» **TASK BRIEF**
Below are entries; output exactly the lines from the one with "གསུངས། གཉིས་པ་ལ། མཐའ་གཉིས་སྤོང་ཚུལ་སྤྱིར་བསྟན་པ་དང་།" to the one with "འདོད་ན། སྒྲོ་འདོགས་སྤངས་པའི་ཚུལ་གྱིས་ཡོད་པར་ཐལ། འདོད་པའི་ཕྱིར།", both included, and nothing else.

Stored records
____

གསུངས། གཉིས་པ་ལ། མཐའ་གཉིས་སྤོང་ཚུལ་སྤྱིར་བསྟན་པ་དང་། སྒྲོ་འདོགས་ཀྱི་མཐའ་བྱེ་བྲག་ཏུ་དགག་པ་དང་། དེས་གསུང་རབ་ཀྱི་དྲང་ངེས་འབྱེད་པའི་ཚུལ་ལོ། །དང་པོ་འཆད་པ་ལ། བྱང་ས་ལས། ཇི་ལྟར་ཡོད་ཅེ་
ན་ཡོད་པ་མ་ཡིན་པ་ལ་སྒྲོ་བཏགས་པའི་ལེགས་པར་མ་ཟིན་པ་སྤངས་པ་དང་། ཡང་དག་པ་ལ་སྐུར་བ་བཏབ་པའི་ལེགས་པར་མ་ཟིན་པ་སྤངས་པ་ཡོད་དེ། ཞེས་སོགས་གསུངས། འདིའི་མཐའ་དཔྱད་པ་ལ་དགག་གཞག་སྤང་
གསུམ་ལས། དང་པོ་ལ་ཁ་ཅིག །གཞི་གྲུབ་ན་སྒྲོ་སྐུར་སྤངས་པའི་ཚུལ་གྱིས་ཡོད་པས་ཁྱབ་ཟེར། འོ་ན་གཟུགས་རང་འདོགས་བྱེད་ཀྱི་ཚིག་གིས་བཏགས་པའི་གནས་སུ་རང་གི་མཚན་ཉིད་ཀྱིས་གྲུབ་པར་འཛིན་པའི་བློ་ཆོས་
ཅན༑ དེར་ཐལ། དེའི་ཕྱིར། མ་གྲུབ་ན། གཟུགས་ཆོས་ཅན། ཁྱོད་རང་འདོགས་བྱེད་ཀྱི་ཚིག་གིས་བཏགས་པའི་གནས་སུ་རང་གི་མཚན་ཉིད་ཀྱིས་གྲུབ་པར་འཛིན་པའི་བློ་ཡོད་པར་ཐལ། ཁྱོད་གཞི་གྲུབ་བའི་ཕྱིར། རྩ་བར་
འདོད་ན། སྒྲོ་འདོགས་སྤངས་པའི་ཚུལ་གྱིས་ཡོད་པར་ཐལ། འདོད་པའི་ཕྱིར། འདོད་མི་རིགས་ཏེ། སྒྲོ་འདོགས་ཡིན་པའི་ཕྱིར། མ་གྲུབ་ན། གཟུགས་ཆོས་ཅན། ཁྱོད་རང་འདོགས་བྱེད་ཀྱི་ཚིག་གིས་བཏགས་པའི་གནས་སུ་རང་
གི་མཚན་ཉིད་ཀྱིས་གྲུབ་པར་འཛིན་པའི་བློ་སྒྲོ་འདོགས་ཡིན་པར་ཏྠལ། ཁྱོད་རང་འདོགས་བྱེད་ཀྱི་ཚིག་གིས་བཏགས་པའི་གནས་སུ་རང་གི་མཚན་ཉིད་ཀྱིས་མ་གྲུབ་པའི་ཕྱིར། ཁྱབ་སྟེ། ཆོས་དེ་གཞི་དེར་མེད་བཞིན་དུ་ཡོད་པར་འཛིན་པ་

____

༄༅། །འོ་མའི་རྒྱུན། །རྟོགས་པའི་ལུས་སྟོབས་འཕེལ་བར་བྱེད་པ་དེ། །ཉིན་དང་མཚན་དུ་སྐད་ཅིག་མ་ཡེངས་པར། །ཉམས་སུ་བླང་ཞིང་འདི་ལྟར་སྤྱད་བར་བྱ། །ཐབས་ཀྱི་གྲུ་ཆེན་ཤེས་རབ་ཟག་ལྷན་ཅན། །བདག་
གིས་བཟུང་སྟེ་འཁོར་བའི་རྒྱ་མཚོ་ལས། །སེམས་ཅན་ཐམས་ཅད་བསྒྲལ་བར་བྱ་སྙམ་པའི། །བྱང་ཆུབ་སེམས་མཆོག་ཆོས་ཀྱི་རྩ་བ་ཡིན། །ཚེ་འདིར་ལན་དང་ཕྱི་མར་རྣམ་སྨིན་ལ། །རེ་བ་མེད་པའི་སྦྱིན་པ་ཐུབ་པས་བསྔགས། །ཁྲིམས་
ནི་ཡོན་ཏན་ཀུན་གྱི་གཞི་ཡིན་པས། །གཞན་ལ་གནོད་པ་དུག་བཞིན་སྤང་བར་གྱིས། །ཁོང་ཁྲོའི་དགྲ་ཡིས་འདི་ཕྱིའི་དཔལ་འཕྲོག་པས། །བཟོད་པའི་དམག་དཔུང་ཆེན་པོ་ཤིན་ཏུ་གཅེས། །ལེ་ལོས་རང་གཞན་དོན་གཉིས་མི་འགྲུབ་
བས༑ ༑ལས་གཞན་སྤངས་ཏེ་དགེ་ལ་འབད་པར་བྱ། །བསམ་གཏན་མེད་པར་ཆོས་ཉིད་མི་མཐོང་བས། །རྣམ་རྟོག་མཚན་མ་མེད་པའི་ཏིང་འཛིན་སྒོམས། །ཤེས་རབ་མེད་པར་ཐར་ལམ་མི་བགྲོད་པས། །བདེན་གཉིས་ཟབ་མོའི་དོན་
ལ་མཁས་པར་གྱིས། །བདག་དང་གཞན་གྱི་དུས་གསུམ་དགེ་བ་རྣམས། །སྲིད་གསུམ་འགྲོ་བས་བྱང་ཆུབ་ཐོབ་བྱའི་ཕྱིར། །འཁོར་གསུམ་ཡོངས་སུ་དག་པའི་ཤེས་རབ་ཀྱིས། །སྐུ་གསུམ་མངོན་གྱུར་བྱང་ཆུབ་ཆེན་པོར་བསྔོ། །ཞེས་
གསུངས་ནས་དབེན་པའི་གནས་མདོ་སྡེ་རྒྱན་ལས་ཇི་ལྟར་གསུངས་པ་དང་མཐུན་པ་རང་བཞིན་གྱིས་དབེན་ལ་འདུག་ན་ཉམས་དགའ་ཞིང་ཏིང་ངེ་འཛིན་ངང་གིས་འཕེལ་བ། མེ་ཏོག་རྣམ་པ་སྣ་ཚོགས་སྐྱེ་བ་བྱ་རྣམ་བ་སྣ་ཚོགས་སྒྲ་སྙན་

____

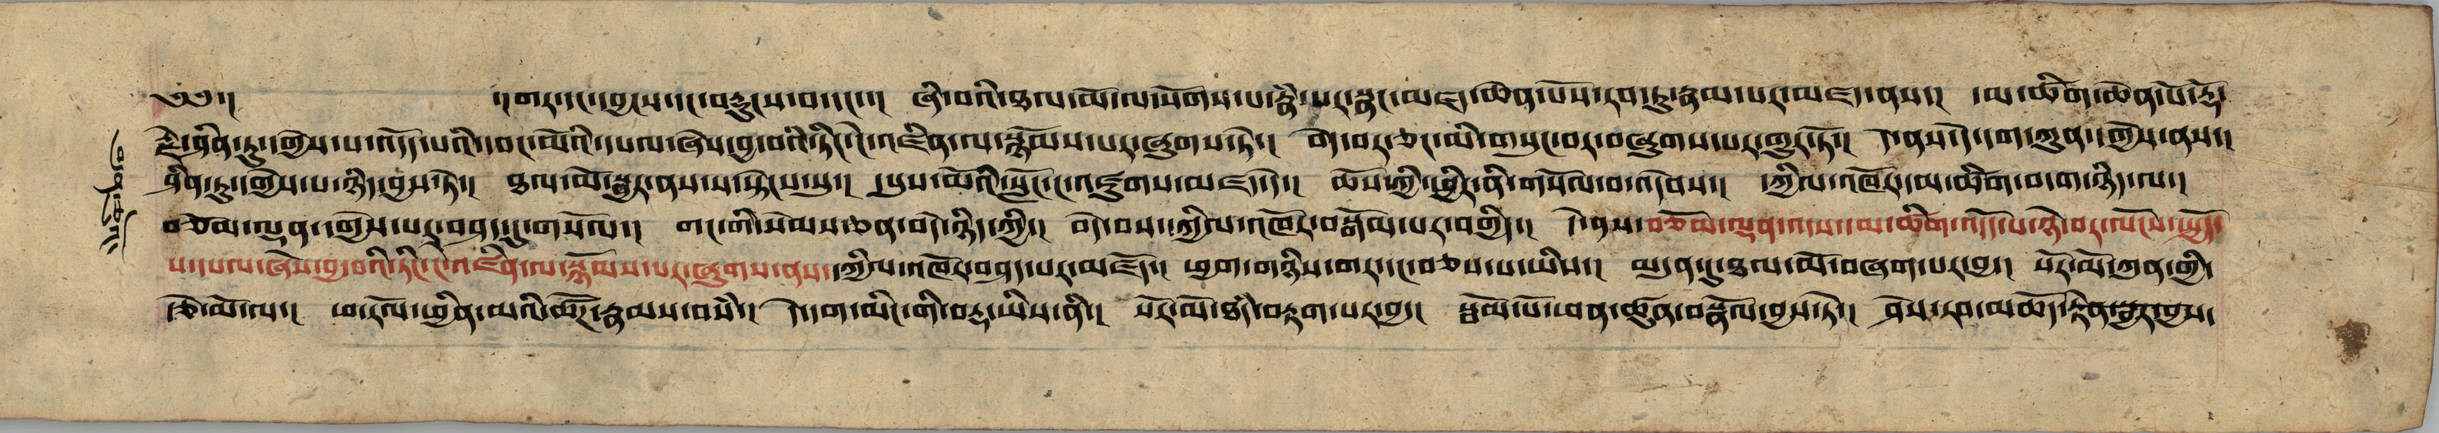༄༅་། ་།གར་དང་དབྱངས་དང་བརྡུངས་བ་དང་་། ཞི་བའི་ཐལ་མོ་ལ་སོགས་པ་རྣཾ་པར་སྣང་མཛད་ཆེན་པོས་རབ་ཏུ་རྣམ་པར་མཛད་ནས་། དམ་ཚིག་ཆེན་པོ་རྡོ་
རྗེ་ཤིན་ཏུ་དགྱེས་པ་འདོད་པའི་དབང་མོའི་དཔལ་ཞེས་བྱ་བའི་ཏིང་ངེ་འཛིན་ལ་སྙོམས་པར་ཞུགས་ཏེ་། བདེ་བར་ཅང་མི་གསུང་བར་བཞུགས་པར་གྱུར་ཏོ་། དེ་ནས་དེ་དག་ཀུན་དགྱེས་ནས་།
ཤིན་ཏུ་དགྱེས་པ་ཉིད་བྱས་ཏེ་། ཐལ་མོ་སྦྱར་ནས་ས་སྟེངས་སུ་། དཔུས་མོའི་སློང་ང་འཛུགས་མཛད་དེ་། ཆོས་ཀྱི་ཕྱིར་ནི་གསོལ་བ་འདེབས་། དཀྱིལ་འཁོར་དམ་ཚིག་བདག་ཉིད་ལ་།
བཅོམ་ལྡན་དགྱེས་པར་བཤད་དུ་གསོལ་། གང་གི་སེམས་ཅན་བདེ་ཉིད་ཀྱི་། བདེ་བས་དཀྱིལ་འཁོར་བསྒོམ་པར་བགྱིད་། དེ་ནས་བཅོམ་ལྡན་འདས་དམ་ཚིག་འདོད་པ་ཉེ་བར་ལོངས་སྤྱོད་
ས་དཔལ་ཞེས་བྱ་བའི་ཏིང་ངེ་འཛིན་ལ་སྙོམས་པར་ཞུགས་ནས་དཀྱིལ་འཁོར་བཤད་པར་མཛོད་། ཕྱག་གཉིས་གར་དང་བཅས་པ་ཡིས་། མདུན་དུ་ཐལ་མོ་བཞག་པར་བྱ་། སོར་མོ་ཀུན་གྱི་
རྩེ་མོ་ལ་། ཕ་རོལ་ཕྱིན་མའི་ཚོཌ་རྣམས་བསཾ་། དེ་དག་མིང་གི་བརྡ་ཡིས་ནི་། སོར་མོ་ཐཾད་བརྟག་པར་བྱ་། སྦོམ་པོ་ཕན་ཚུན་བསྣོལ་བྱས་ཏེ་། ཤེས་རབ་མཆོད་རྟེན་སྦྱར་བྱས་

____

» **TASK SOLUTION**
གསུངས། གཉིས་པ་ལ། མཐའ་གཉིས་སྤོང་ཚུལ་སྤྱིར་བསྟན་པ་དང་། སྒྲོ་འདོགས་ཀྱི་མཐའ་བྱེ་བྲག་ཏུ་དགག་པ་དང་། དེས་གསུང་རབ་ཀྱི་དྲང་ངེས་འབྱེད་པའི་ཚུལ་ལོ། །དང་པོ་འཆད་པ་ལ། བྱང་ས་ལས། ཇི་ལྟར་ཡོད་ཅེ་
ན་ཡོད་པ་མ་ཡིན་པ་ལ་སྒྲོ་བཏགས་པའི་ལེགས་པར་མ་ཟིན་པ་སྤངས་པ་དང་། ཡང་དག་པ་ལ་སྐུར་བ་བཏབ་པའི་ལེགས་པར་མ་ཟིན་པ་སྤངས་པ་ཡོད་དེ། ཞེས་སོགས་གསུངས། འདིའི་མཐའ་དཔྱད་པ་ལ་དགག་གཞག་སྤང་
གསུམ་ལས། དང་པོ་ལ་ཁ་ཅིག །གཞི་གྲུབ་ན་སྒྲོ་སྐུར་སྤངས་པའི་ཚུལ་གྱིས་ཡོད་པས་ཁྱབ་ཟེར། འོ་ན་གཟུགས་རང་འདོགས་བྱེད་ཀྱི་ཚིག་གིས་བཏགས་པའི་གནས་སུ་རང་གི་མཚན་ཉིད་ཀྱིས་གྲུབ་པར་འཛིན་པའི་བློ་ཆོས་
ཅན༑ དེར་ཐལ། དེའི་ཕྱིར། མ་གྲུབ་ན། གཟུགས་ཆོས་ཅན། ཁྱོད་རང་འདོགས་བྱེད་ཀྱི་ཚིག་གིས་བཏགས་པའི་གནས་སུ་རང་གི་མཚན་ཉིད་ཀྱིས་གྲུབ་པར་འཛིན་པའི་བློ་ཡོད་པར་ཐལ། ཁྱོད་གཞི་གྲུབ་བའི་ཕྱིར། རྩ་བར་
འདོད་ན། སྒྲོ་འདོགས་སྤངས་པའི་ཚུལ་གྱིས་ཡོད་པར་ཐལ། འདོད་པའི་ཕྱིར། འདོད་མི་རིགས་ཏེ། སྒྲོ་འདོགས་ཡིན་པའི་ཕྱིར། མ་གྲུབ་ན། གཟུགས་ཆོས་ཅན། ཁྱོད་རང་འདོགས་བྱེད་ཀྱི་ཚིག་གིས་བཏགས་པའི་གནས་སུ་རང་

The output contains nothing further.